> Work to complete
Quote every line below exactly as it reads.

Dataset entries:
==*==

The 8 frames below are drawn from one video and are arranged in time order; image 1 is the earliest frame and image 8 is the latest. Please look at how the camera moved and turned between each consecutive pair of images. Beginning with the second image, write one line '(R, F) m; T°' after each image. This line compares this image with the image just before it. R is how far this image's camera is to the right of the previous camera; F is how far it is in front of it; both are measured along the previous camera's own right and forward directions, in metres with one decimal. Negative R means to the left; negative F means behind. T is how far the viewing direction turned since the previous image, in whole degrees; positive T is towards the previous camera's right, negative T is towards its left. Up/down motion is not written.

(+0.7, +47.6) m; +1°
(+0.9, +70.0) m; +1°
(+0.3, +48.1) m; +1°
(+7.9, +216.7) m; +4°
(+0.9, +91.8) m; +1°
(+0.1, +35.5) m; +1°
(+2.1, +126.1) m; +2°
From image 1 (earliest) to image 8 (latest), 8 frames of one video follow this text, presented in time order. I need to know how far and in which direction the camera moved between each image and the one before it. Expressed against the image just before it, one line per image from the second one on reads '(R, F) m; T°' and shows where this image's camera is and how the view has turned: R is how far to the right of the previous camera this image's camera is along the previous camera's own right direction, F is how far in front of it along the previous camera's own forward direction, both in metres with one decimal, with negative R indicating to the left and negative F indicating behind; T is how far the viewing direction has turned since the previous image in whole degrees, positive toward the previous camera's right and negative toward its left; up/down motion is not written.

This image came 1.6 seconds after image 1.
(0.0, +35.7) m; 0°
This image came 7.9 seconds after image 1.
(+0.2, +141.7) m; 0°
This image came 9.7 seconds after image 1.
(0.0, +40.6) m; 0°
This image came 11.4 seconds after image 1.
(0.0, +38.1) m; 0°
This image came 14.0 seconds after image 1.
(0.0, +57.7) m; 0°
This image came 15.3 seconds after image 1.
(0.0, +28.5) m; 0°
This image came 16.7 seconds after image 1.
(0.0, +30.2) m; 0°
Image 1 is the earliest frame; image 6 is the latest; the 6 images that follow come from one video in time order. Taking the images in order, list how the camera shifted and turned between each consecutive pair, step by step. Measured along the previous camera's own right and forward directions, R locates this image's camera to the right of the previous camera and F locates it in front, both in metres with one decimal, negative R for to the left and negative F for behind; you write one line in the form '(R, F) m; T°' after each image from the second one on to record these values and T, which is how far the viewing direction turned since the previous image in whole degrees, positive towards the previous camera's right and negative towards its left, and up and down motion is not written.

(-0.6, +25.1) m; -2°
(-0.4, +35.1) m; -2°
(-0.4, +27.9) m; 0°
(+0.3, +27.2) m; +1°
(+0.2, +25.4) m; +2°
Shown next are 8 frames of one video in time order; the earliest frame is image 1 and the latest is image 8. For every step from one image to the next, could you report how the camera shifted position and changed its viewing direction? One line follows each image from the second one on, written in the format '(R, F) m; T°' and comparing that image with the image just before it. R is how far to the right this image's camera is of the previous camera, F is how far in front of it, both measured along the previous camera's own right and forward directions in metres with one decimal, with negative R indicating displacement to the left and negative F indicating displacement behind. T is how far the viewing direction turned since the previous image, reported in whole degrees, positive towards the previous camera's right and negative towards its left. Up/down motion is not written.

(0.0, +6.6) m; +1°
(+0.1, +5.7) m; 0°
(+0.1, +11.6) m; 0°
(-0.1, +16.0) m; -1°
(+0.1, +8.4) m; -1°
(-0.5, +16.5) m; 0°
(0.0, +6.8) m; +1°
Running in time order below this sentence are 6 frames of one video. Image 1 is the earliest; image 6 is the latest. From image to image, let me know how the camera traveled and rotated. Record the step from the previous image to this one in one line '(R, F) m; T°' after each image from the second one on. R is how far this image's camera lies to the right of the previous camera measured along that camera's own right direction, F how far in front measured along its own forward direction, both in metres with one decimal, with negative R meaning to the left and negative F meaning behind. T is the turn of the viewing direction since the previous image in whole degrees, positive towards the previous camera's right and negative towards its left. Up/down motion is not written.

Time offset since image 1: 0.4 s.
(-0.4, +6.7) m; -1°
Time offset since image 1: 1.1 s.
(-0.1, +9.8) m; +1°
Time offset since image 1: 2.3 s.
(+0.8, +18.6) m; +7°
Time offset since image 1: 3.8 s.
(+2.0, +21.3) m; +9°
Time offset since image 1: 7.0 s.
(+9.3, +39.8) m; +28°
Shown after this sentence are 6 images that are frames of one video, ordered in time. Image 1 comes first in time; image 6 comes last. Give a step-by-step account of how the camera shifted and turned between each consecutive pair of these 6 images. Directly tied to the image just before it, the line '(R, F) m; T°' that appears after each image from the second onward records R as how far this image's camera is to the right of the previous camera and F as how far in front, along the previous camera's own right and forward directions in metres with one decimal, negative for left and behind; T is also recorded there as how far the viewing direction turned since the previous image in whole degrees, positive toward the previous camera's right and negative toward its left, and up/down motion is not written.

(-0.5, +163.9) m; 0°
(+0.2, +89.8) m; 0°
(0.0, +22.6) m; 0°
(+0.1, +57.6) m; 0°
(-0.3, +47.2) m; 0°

==*==

> Reply to the task
The 8 frames below are drawn from one video and are arranged in time order; image 1 is the earliest frame and image 8 is the latest. Please look at how the camera moved and turned between each consecutive pair of images. Beginning with the second image, write one line '(R, F) m; T°' after each image. This line compares this image with the image just before it. R is how far this image's camera is to the right of the previous camera; F is how far it is in front of it; both are measured along the previous camera's own right and forward directions, in metres with one decimal. Negative R means to the left; negative F means behind. T is how far the viewing direction turned since the previous image, in whole degrees; positive T is towards the previous camera's right, negative T is towards its left. Up/down motion is not written.

(+0.7, +47.6) m; +1°
(+0.9, +70.0) m; +1°
(+0.3, +48.1) m; +1°
(+7.9, +216.7) m; +4°
(+0.9, +91.8) m; +1°
(+0.1, +35.5) m; +1°
(+2.1, +126.1) m; +2°
From image 1 (earliest) to image 8 (latest), 8 frames of one video follow this text, presented in time order. I need to know how far and in which direction the camera moved between each image and the one before it. Expressed against the image just before it, one line per image from the second one on reads '(R, F) m; T°' and shows where this image's camera is and how the view has turned: R is how far to the right of the previous camera this image's camera is along the previous camera's own right direction, F is how far in front of it along the previous camera's own forward direction, both in metres with one decimal, with negative R indicating to the left and negative F indicating behind; T is how far the viewing direction has turned since the previous image in whole degrees, positive toward the previous camera's right and negative toward its left; up/down motion is not written.

This image came 1.6 seconds after image 1.
(0.0, +35.7) m; 0°
This image came 7.9 seconds after image 1.
(+0.2, +141.7) m; 0°
This image came 9.7 seconds after image 1.
(0.0, +40.6) m; 0°
This image came 11.4 seconds after image 1.
(0.0, +38.1) m; 0°
This image came 14.0 seconds after image 1.
(0.0, +57.7) m; 0°
This image came 15.3 seconds after image 1.
(0.0, +28.5) m; 0°
This image came 16.7 seconds after image 1.
(0.0, +30.2) m; 0°
Image 1 is the earliest frame; image 6 is the latest; the 6 images that follow come from one video in time order. Taking the images in order, list how the camera shifted and turned between each consecutive pair, step by step. Measured along the previous camera's own right and forward directions, R locates this image's camera to the right of the previous camera and F locates it in front, both in metres with one decimal, negative R for to the left and negative F for behind; you write one line in the form '(R, F) m; T°' after each image from the second one on to record these values and T, which is how far the viewing direction turned since the previous image in whole degrees, positive towards the previous camera's right and negative towards its left, and up and down motion is not written.

(-0.6, +25.1) m; -2°
(-0.4, +35.1) m; -2°
(-0.4, +27.9) m; 0°
(+0.3, +27.2) m; +1°
(+0.2, +25.4) m; +2°
Shown next are 8 frames of one video in time order; the earliest frame is image 1 and the latest is image 8. For every step from one image to the next, could you report how the camera shifted position and changed its viewing direction? One line follows each image from the second one on, written in the format '(R, F) m; T°' and comparing that image with the image just before it. R is how far to the right this image's camera is of the previous camera, F is how far in front of it, both measured along the previous camera's own right and forward directions in metres with one decimal, with negative R indicating displacement to the left and negative F indicating displacement behind. T is how far the viewing direction turned since the previous image, reported in whole degrees, positive towards the previous camera's right and negative towards its left. Up/down motion is not written.

(0.0, +6.6) m; +1°
(+0.1, +5.7) m; 0°
(+0.1, +11.6) m; 0°
(-0.1, +16.0) m; -1°
(+0.1, +8.4) m; -1°
(-0.5, +16.5) m; 0°
(0.0, +6.8) m; +1°
Running in time order below this sentence are 6 frames of one video. Image 1 is the earliest; image 6 is the latest. From image to image, let me know how the camera traveled and rotated. Record the step from the previous image to this one in one line '(R, F) m; T°' after each image from the second one on. R is how far this image's camera lies to the right of the previous camera measured along that camera's own right direction, F how far in front measured along its own forward direction, both in metres with one decimal, with negative R meaning to the left and negative F meaning behind. T is the turn of the viewing direction since the previous image in whole degrees, positive towards the previous camera's right and negative towards its left. Up/down motion is not written.

Time offset since image 1: 0.4 s.
(-0.4, +6.7) m; -1°
Time offset since image 1: 1.1 s.
(-0.1, +9.8) m; +1°
Time offset since image 1: 2.3 s.
(+0.8, +18.6) m; +7°
Time offset since image 1: 3.8 s.
(+2.0, +21.3) m; +9°
Time offset since image 1: 7.0 s.
(+9.3, +39.8) m; +28°
Shown after this sentence are 6 images that are frames of one video, ordered in time. Image 1 comes first in time; image 6 comes last. Give a step-by-step account of how the camera shifted and turned between each consecutive pair of these 6 images. Directly tied to the image just before it, the line '(R, F) m; T°' that appears after each image from the second onward records R as how far this image's camera is to the right of the previous camera and F as how far in front, along the previous camera's own right and forward directions in metres with one decimal, negative for left and behind; T is also recorded there as how far the viewing direction turned since the previous image in whole degrees, positive toward the previous camera's right and negative toward its left, and up/down motion is not written.

(-0.5, +163.9) m; 0°
(+0.2, +89.8) m; 0°
(0.0, +22.6) m; 0°
(+0.1, +57.6) m; 0°
(-0.3, +47.2) m; 0°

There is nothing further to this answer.